Take every line from the listing below that includes "planar" and copy it.

**EXERCISE MATERIALS**:
☆ ☆ ☆ ☆ ☆ ☆ ☆

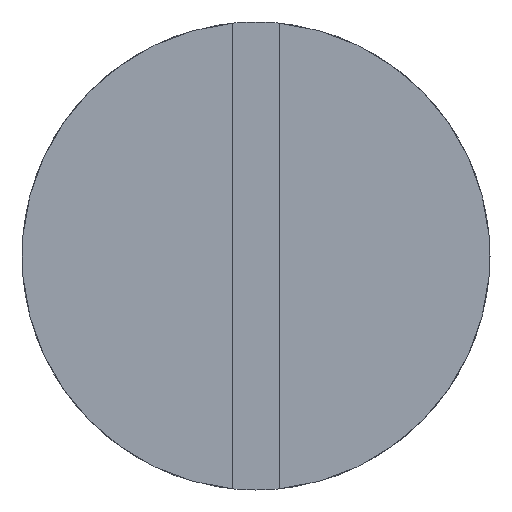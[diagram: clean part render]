
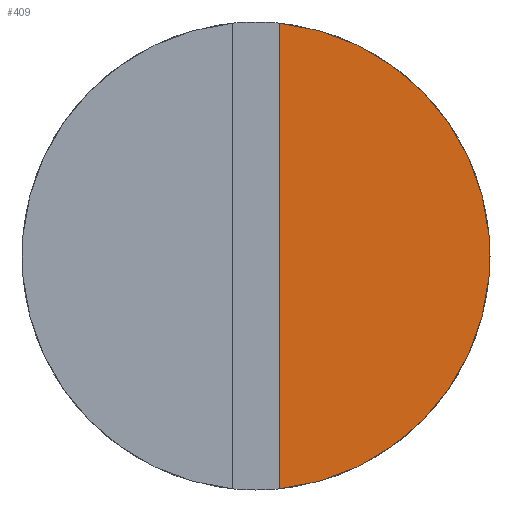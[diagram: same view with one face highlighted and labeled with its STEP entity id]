
A CAD part, left-side view. The second image highlights one B-rep face of the part: STEP entity #409.
In plain terms, the highlighted planar face has unit normal (-1, 0, 0).
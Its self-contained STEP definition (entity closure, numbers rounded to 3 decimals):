
#27 = CARTESIAN_POINT ( 'NONE',  ( 0., 0., 0. ) ) ;
#48 = EDGE_CURVE ( 'NONE', #406, #629, #1432, .T. ) ;
#70 = EDGE_CURVE ( 'NONE', #629, #406, #601, .T. ) ;
#72 = CARTESIAN_POINT ( 'NONE',  ( 0., -0.4, -4. ) ) ;
#83 = AXIS2_PLACEMENT_3D ( 'NONE', #27, #1312, #814 ) ;
#153 = FACE_OUTER_BOUND ( 'NONE', #213, .T. ) ;
#160 = CARTESIAN_POINT ( 'NONE',  ( 0., -0.4, 3.98 ) ) ;
#213 = EDGE_LOOP ( 'NONE', ( #930, #1460 ) ) ;
#406 = VERTEX_POINT ( 'NONE', #160 ) ;
#409 = ADVANCED_FACE ( 'NONE', ( #153 ), #656, .F. ) ;
#568 = VECTOR ( 'NONE', #679, 1000. ) ;
#601 = CIRCLE ( 'NONE', #83, 4. ) ;
#629 = VERTEX_POINT ( 'NONE', #710 ) ;
#656 = PLANE ( 'NONE',  #1247 ) ;
#679 = DIRECTION ( 'NONE',  ( 0., 0., -1. ) ) ;
#710 = CARTESIAN_POINT ( 'NONE',  ( 0., -0.4, -3.98 ) ) ;
#768 = CARTESIAN_POINT ( 'NONE',  ( 0., 4., 0. ) ) ;
#814 = DIRECTION ( 'NONE',  ( 0., 0., 1. ) ) ;
#888 = DIRECTION ( 'NONE',  ( 0., 0., -1. ) ) ;
#930 = ORIENTED_EDGE ( 'NONE', *, *, #48, .T. ) ;
#1247 = AXIS2_PLACEMENT_3D ( 'NONE', #768, #1361, #888 ) ;
#1312 = DIRECTION ( 'NONE',  ( -1., 0., 0. ) ) ;
#1361 = DIRECTION ( 'NONE',  ( 1., 0., 0. ) ) ;
#1432 = LINE ( 'NONE', #72, #568 ) ;
#1460 = ORIENTED_EDGE ( 'NONE', *, *, #70, .T. ) ;
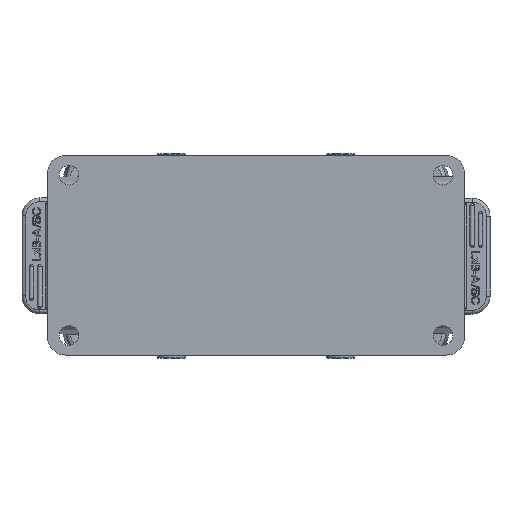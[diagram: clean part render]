
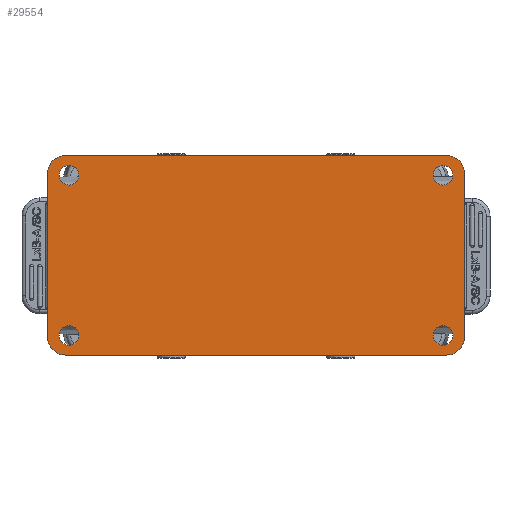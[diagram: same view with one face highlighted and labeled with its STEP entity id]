
A CAD part, front view. The second image highlights one B-rep face of the part: STEP entity #29554.
In plain terms, the highlighted planar face has unit normal (0, -1, 0).
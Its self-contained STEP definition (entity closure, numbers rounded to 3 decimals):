
#2728=DIRECTION('',(0.,0.,-1.));
#2729=VECTOR('',#2728,46.);
#2730=CARTESIAN_POINT('',(118.,0.,
23.18));
#2731=LINE('',#2730,#2729);
#2732=CARTESIAN_POINT('',(113.,0.,
-22.82));
#2733=DIRECTION('',(0.,1.,0.));
#2734=DIRECTION('',(1.,0.,0.));
#2735=AXIS2_PLACEMENT_3D('',#2732,#2733,#2734);
#2737=CARTESIAN_POINT('',(6.,0.,
-22.82));
#2738=DIRECTION('',(0.,1.,0.));
#2739=DIRECTION('',(0.,0.,-1.));
#2740=AXIS2_PLACEMENT_3D('',#2737,#2738,#2739);
#2742=DIRECTION('',(0.,0.,1.));
#2743=VECTOR('',#2742,46.);
#2744=CARTESIAN_POINT('',(1.,0.,
-22.82));
#2745=LINE('',#2744,#2743);
#2746=CARTESIAN_POINT('',(6.,0.,
23.18));
#2747=DIRECTION('',(0.,1.,0.));
#2748=DIRECTION('',(-1.,0.,0.));
#2749=AXIS2_PLACEMENT_3D('',#2746,#2747,#2748);
#2751=DIRECTION('',(1.,0.,0.));
#2752=VECTOR('',#2751,107.);
#2753=CARTESIAN_POINT('',(6.,0.,
28.18));
#2754=LINE('',#2753,#2752);
#2755=CARTESIAN_POINT('',(113.,0.,
23.18));
#2756=DIRECTION('',(0.,1.,0.));
#2757=DIRECTION('',(0.,0.,1.));
#2758=AXIS2_PLACEMENT_3D('',#2755,#2756,#2757);
#2760=CARTESIAN_POINT('',(7.,0.,
22.68));
#2761=DIRECTION('',(0.,-1.,0.));
#2762=DIRECTION('',(0.,0.,1.));
#2763=AXIS2_PLACEMENT_3D('',#2760,#2761,#2762);
#2765=CARTESIAN_POINT('',(7.,0.,
22.68));
#2766=DIRECTION('',(0.,-1.,0.));
#2767=DIRECTION('',(0.,0.,-1.));
#2768=AXIS2_PLACEMENT_3D('',#2765,#2766,#2767);
#2770=CARTESIAN_POINT('',(7.,0.,
-22.32));
#2771=DIRECTION('',(0.,-1.,0.));
#2772=DIRECTION('',(0.,0.,1.));
#2773=AXIS2_PLACEMENT_3D('',#2770,#2771,#2772);
#2775=CARTESIAN_POINT('',(7.,0.,
-22.32));
#2776=DIRECTION('',(0.,-1.,0.));
#2777=DIRECTION('',(0.,0.,-1.));
#2778=AXIS2_PLACEMENT_3D('',#2775,#2776,#2777);
#2780=CARTESIAN_POINT('',(112.,0.,
-22.32));
#2781=DIRECTION('',(0.,-1.,0.));
#2782=DIRECTION('',(0.,0.,1.));
#2783=AXIS2_PLACEMENT_3D('',#2780,#2781,#2782);
#2785=CARTESIAN_POINT('',(112.,0.,
-22.32));
#2786=DIRECTION('',(0.,-1.,0.));
#2787=DIRECTION('',(0.,0.,-1.));
#2788=AXIS2_PLACEMENT_3D('',#2785,#2786,#2787);
#2790=CARTESIAN_POINT('',(112.,0.,
22.68));
#2791=DIRECTION('',(0.,-1.,0.));
#2792=DIRECTION('',(0.,0.,1.));
#2793=AXIS2_PLACEMENT_3D('',#2790,#2791,#2792);
#2795=CARTESIAN_POINT('',(112.,0.,
22.68));
#2796=DIRECTION('',(0.,-1.,0.));
#2797=DIRECTION('',(0.,0.,-1.));
#2798=AXIS2_PLACEMENT_3D('',#2795,#2796,#2797);
#16730=DIRECTION('',(1.,0.,0.));
#16731=VECTOR('',#16730,107.);
#16732=CARTESIAN_POINT('',(6.,0.,
-27.82));
#16733=LINE('',#16732,#16731);
#20858=CARTESIAN_POINT('',(118.,0.,
23.18));
#20860=VERTEX_POINT('',#20858);
#20883=CARTESIAN_POINT('',(118.,0.,
-22.82));
#20884=VERTEX_POINT('',#20883);
#20889=CARTESIAN_POINT('',(113.,0.,
28.18));
#20891=VERTEX_POINT('',#20889);
#20895=CARTESIAN_POINT('',(6.,0.,
28.18));
#20896=VERTEX_POINT('',#20895);
#20931=CARTESIAN_POINT('',(112.,0.,
25.43));
#20932=CARTESIAN_POINT('',(112.,0.,
19.93));
#20933=VERTEX_POINT('',#20931);
#20934=VERTEX_POINT('',#20932);
#20935=CARTESIAN_POINT('',(113.,0.,
-27.82));
#20936=VERTEX_POINT('',#20935);
#20937=CARTESIAN_POINT('',(6.,0.,
-27.82));
#20938=VERTEX_POINT('',#20937);
#20939=CARTESIAN_POINT('',(1.,0.,
-22.82));
#20940=VERTEX_POINT('',#20939);
#20941=CARTESIAN_POINT('',(1.,0.,
23.18));
#20942=VERTEX_POINT('',#20941);
#20943=CARTESIAN_POINT('',(7.,0.,
25.43));
#20944=CARTESIAN_POINT('',(7.,0.,
19.93));
#20945=VERTEX_POINT('',#20943);
#20946=VERTEX_POINT('',#20944);
#20947=CARTESIAN_POINT('',(7.,0.,
-19.57));
#20948=CARTESIAN_POINT('',(7.,0.,
-25.07));
#20949=VERTEX_POINT('',#20947);
#20950=VERTEX_POINT('',#20948);
#20951=CARTESIAN_POINT('',(112.,0.,
-19.57));
#20952=CARTESIAN_POINT('',(112.,0.,
-25.07));
#20953=VERTEX_POINT('',#20951);
#20954=VERTEX_POINT('',#20952);
#29511=CARTESIAN_POINT('',(59.5,0.,
0.18));
#29512=DIRECTION('',(0.,1.,0.));
#29513=DIRECTION('',(0.,0.,1.));
#29514=AXIS2_PLACEMENT_3D('',#29511,#29512,#29513);
#29515=PLANE('',#29514);
#29516=ORIENTED_EDGE('',*,*,#28633,.T.);
#29518=ORIENTED_EDGE('',*,*,#29517,.T.);
#29520=ORIENTED_EDGE('',*,*,#29519,.F.);
#29522=ORIENTED_EDGE('',*,*,#29521,.T.);
#29524=ORIENTED_EDGE('',*,*,#29523,.T.);
#29526=ORIENTED_EDGE('',*,*,#29525,.T.);
#29527=ORIENTED_EDGE('',*,*,#28667,.T.);
#29528=ORIENTED_EDGE('',*,*,#28654,.T.);
#29529=EDGE_LOOP('',(#29516,#29518,#29520,#29522,#29524,#29526,#29527,#29528));
#29530=FACE_OUTER_BOUND('',#29529,.F.);
#29532=ORIENTED_EDGE('',*,*,#29531,.T.);
#29534=ORIENTED_EDGE('',*,*,#29533,.T.);
#29535=EDGE_LOOP('',(#29532,#29534));
#29536=FACE_BOUND('',#29535,.F.);
#29538=ORIENTED_EDGE('',*,*,#29537,.T.);
#29540=ORIENTED_EDGE('',*,*,#29539,.T.);
#29541=EDGE_LOOP('',(#29538,#29540));
#29542=FACE_BOUND('',#29541,.F.);
#29544=ORIENTED_EDGE('',*,*,#29543,.T.);
#29546=ORIENTED_EDGE('',*,*,#29545,.T.);
#29547=EDGE_LOOP('',(#29544,#29546));
#29548=FACE_BOUND('',#29547,.F.);
#29549=ORIENTED_EDGE('',*,*,#29501,.T.);
#29551=ORIENTED_EDGE('',*,*,#29550,.T.);
#29552=EDGE_LOOP('',(#29549,#29551));
#29553=FACE_BOUND('',#29552,.F.);
#2736=CIRCLE('',#2735,5.);
#2741=CIRCLE('',#2740,5.);
#2750=CIRCLE('',#2749,5.);
#2759=CIRCLE('',#2758,5.);
#2764=CIRCLE('',#2763,2.75);
#2769=CIRCLE('',#2768,2.75);
#2774=CIRCLE('',#2773,2.75);
#2779=CIRCLE('',#2778,2.75);
#2784=CIRCLE('',#2783,2.75);
#2789=CIRCLE('',#2788,2.75);
#2794=CIRCLE('',#2793,2.75);
#2799=CIRCLE('',#2798,2.75);
#28633=EDGE_CURVE('',#20860,#20884,#2731,.T.);
#28654=EDGE_CURVE('',#20891,#20860,#2759,.T.);
#28667=EDGE_CURVE('',#20896,#20891,#2754,.T.);
#29501=EDGE_CURVE('',#20933,#20934,#2794,.T.);
#29517=EDGE_CURVE('',#20884,#20936,#2736,.T.);
#29519=EDGE_CURVE('',#20938,#20936,#16733,.T.);
#29521=EDGE_CURVE('',#20938,#20940,#2741,.T.);
#29523=EDGE_CURVE('',#20940,#20942,#2745,.T.);
#29525=EDGE_CURVE('',#20942,#20896,#2750,.T.);
#29531=EDGE_CURVE('',#20945,#20946,#2764,.T.);
#29533=EDGE_CURVE('',#20946,#20945,#2769,.T.);
#29537=EDGE_CURVE('',#20949,#20950,#2774,.T.);
#29539=EDGE_CURVE('',#20950,#20949,#2779,.T.);
#29543=EDGE_CURVE('',#20953,#20954,#2784,.T.);
#29545=EDGE_CURVE('',#20954,#20953,#2789,.T.);
#29550=EDGE_CURVE('',#20934,#20933,#2799,.T.);
#29554=ADVANCED_FACE('',(#29530,#29536,#29542,#29548,#29553),#29515,.F.);

☆ ☆ ☆ ☆ ☆ ☆ ☆

**SOLUTION TO THIS EXERCISE**:
In plain terms, the highlighted planar face has unit normal (-1, 0, 0).
In plain terms, the highlighted planar face has unit normal (0, -1, 0).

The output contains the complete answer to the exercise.